DATA PROVIDED:
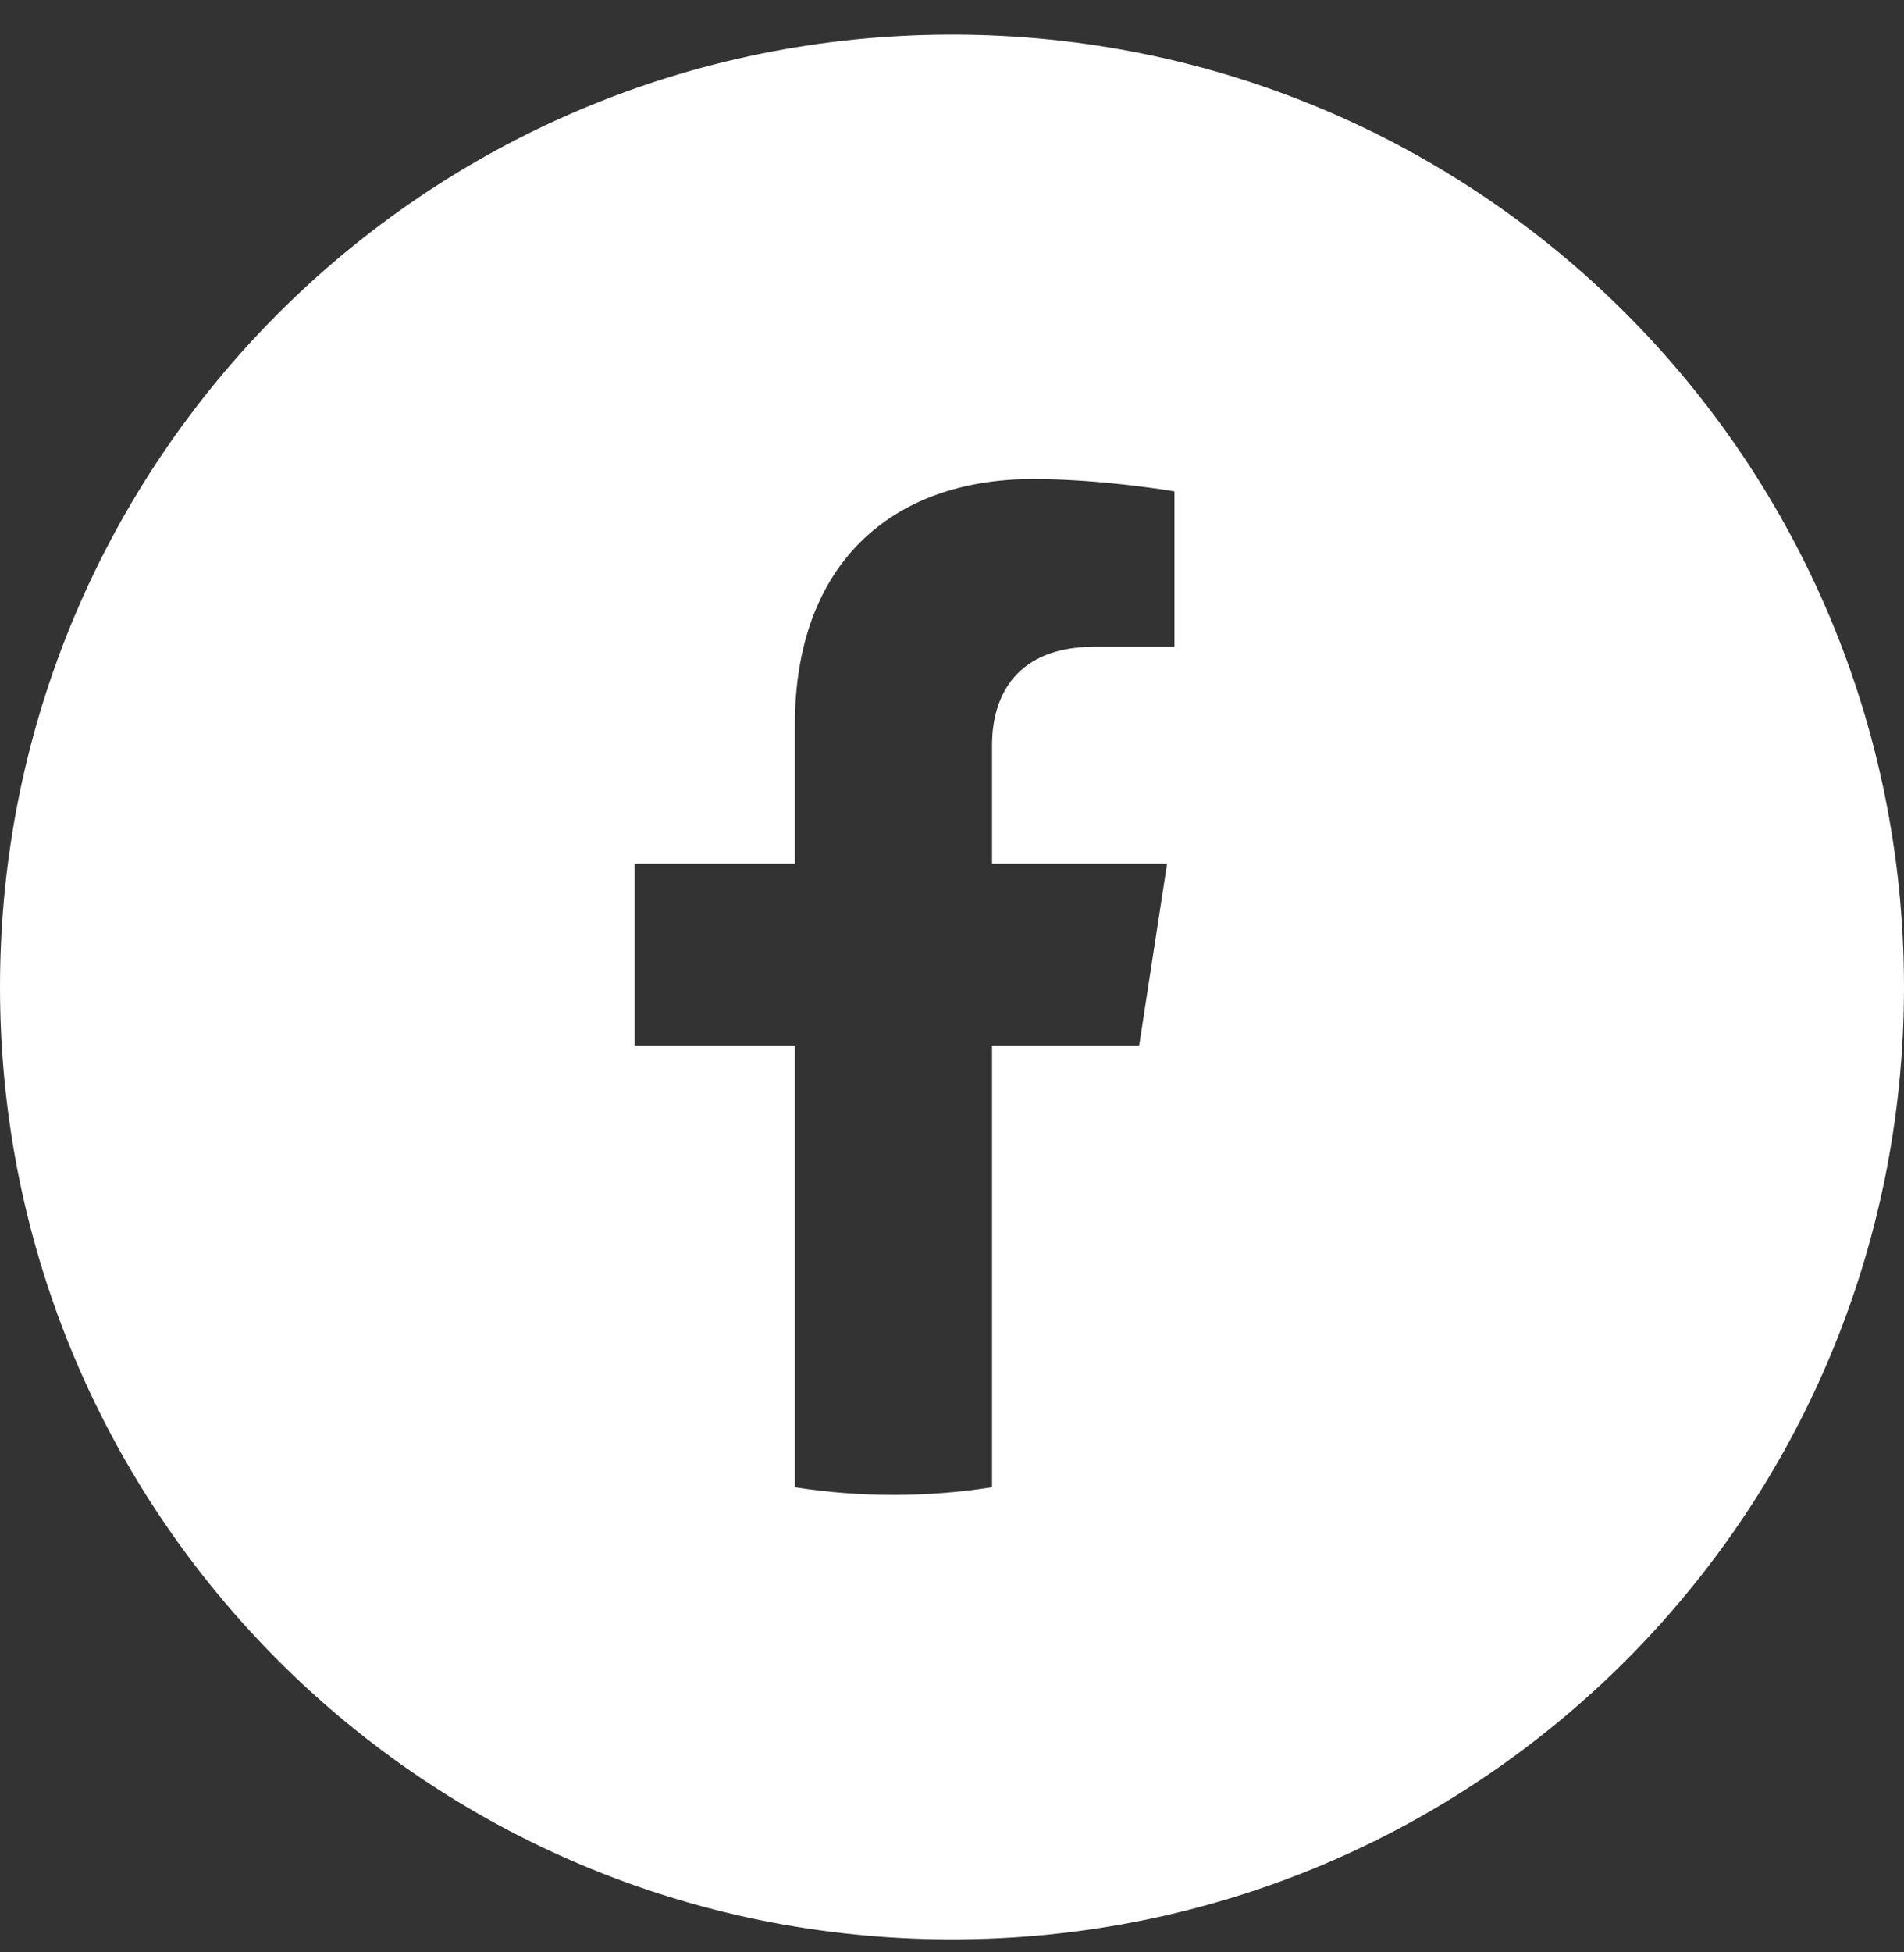 <svg width="40" height="41" viewBox="0 0 40 41" fill="none" xmlns="http://www.w3.org/2000/svg">
<rect x="0" y="0" width="40" height="41" fill="#333333" stroke="none"/>
<g clip-path="url(#clip0_3055_173)">
<path fill-rule="evenodd" clip-rule="evenodd" d="M0 20.727C0 9.66 8.933 0.727 20 0.727C31.067 0.727 40 9.66 40 20.727C40 31.793 31.067 40.727 20 40.727C8.933 40.727 0 31.793 0 20.727ZM24.518 18.138L23.93 21.969H20.841V31.233C20.166 31.339 19.474 31.393 18.77 31.393C18.066 31.393 17.375 31.339 16.699 31.233V21.969H13.333V18.138H16.699V15.217C16.699 11.896 18.677 10.06 21.706 10.06C23.156 10.06 24.673 10.319 24.673 10.319V13.581H23C21.354 13.581 20.841 14.604 20.841 15.652V18.138H24.518Z" fill="white"/>
</g>
<defs>
<clipPath id="clip0_3055_173">
<rect width="40" height="40" fill="white" transform="translate(0 0.727)"/>
</clipPath>
</defs>
</svg>

WHAT TO DO: Reproduce every record above exactly, omitting the pictures.

RESULT OF THIS TASK:
 <svg width="40" height="41" viewBox="0 0 40 41" fill="none" xmlns="http://www.w3.org/2000/svg">
<rect x="0" y="0" width="40" height="41" fill="#333333" stroke="none"/>
<g clip-path="url(#clip0_3055_173)">
<path fill-rule="evenodd" clip-rule="evenodd" d="M0 20.727C0 9.66 8.933 0.727 20 0.727C31.067 0.727 40 9.66 40 20.727C40 31.793 31.067 40.727 20 40.727C8.933 40.727 0 31.793 0 20.727ZM24.518 18.138L23.93 21.969H20.841V31.233C20.166 31.339 19.474 31.393 18.77 31.393C18.066 31.393 17.375 31.339 16.699 31.233V21.969H13.333V18.138H16.699V15.217C16.699 11.896 18.677 10.06 21.706 10.06C23.156 10.06 24.673 10.319 24.673 10.319V13.581H23C21.354 13.581 20.841 14.604 20.841 15.652V18.138H24.518Z" fill="white"/>
</g>
<defs>
<clipPath id="clip0_3055_173">
<rect width="40" height="40" fill="white" transform="translate(0 0.727)"/>
</clipPath>
</defs>
</svg>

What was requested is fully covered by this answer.